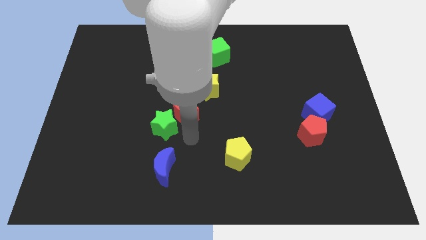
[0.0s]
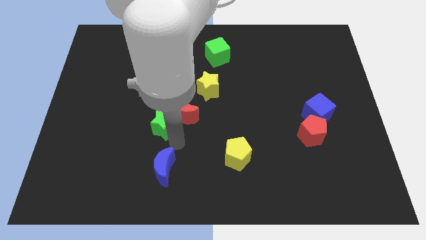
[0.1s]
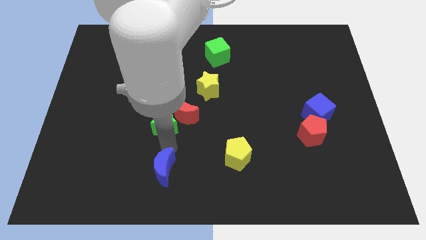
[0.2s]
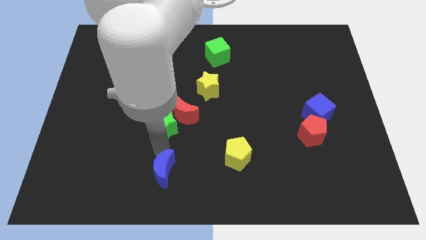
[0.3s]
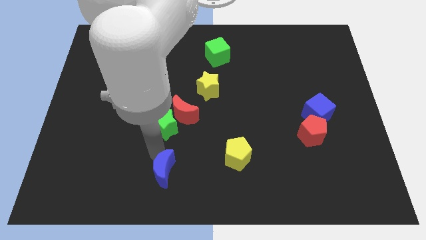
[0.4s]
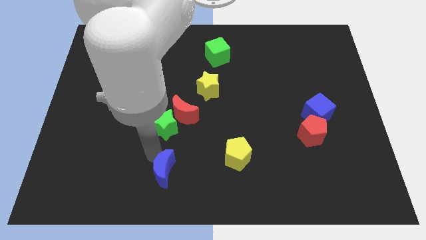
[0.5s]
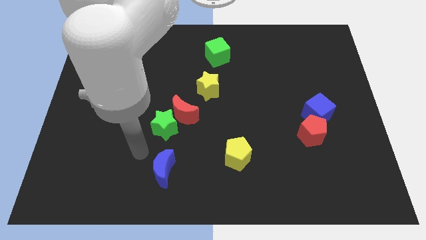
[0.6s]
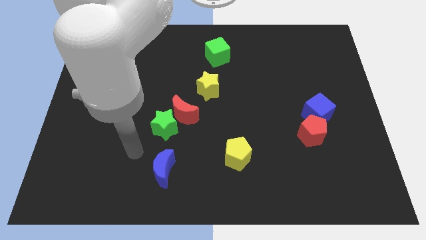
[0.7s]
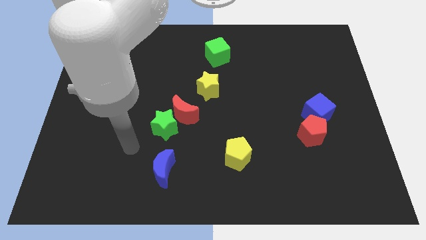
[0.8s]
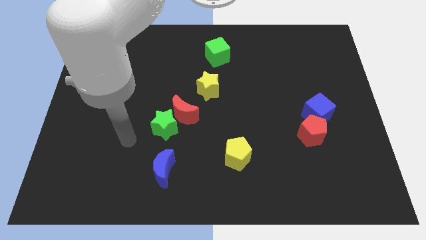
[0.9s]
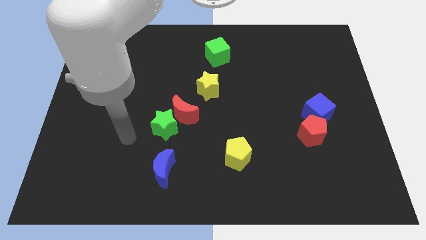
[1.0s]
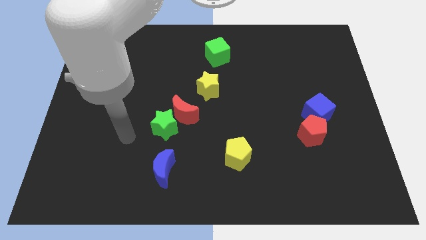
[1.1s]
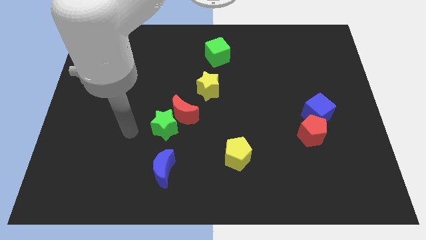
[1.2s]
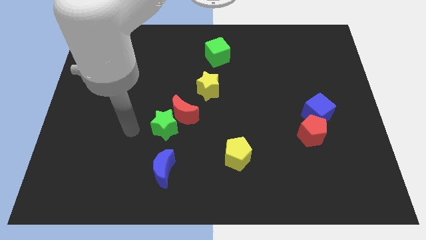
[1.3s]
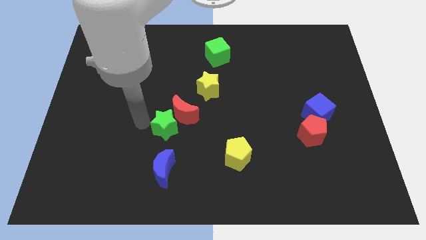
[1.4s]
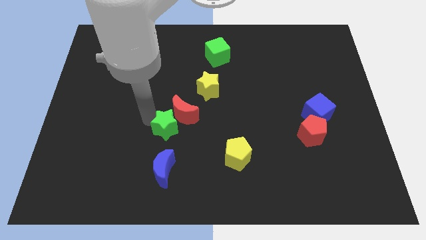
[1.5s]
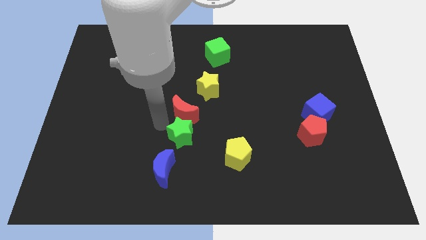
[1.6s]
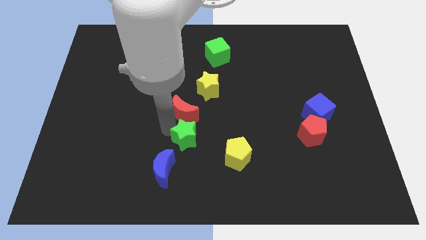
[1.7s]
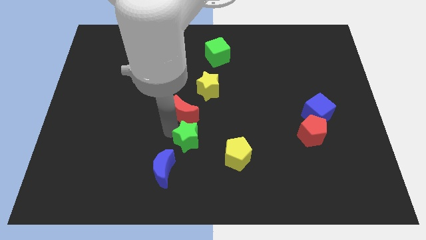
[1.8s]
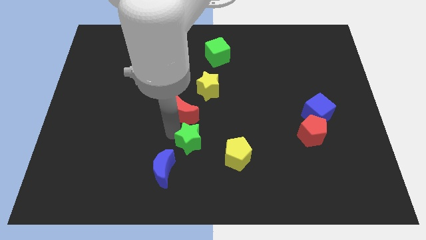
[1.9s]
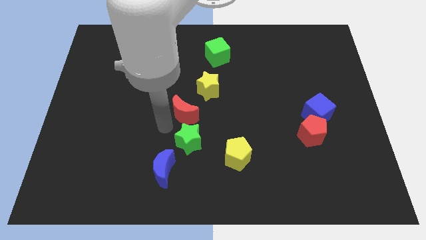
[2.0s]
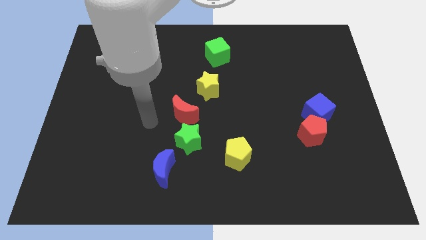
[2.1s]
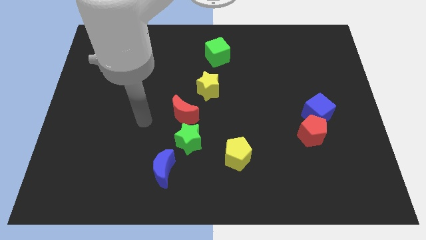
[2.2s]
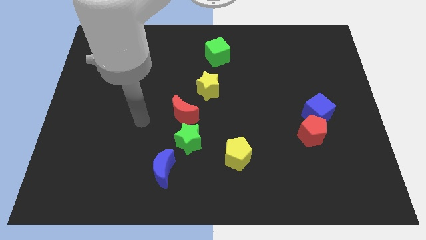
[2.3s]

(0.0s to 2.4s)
move the green star below the red crescent

++++++

■ What you will do ■
Once the pictures are removed, copy the listing exactly.

■ Answer to this task ■
[0.0s]
[0.1s]
[0.2s]
[0.3s]
[0.4s]
[0.5s]
[0.6s]
[0.7s]
[0.8s]
[0.9s]
[1.0s]
[1.1s]
[1.2s]
[1.3s]
[1.4s]
[1.5s]
[1.6s]
[1.7s]
[1.8s]
[1.9s]
[2.0s]
[2.1s]
[2.2s]
[2.3s]

(0.0s to 2.4s)
move the green star below the red crescent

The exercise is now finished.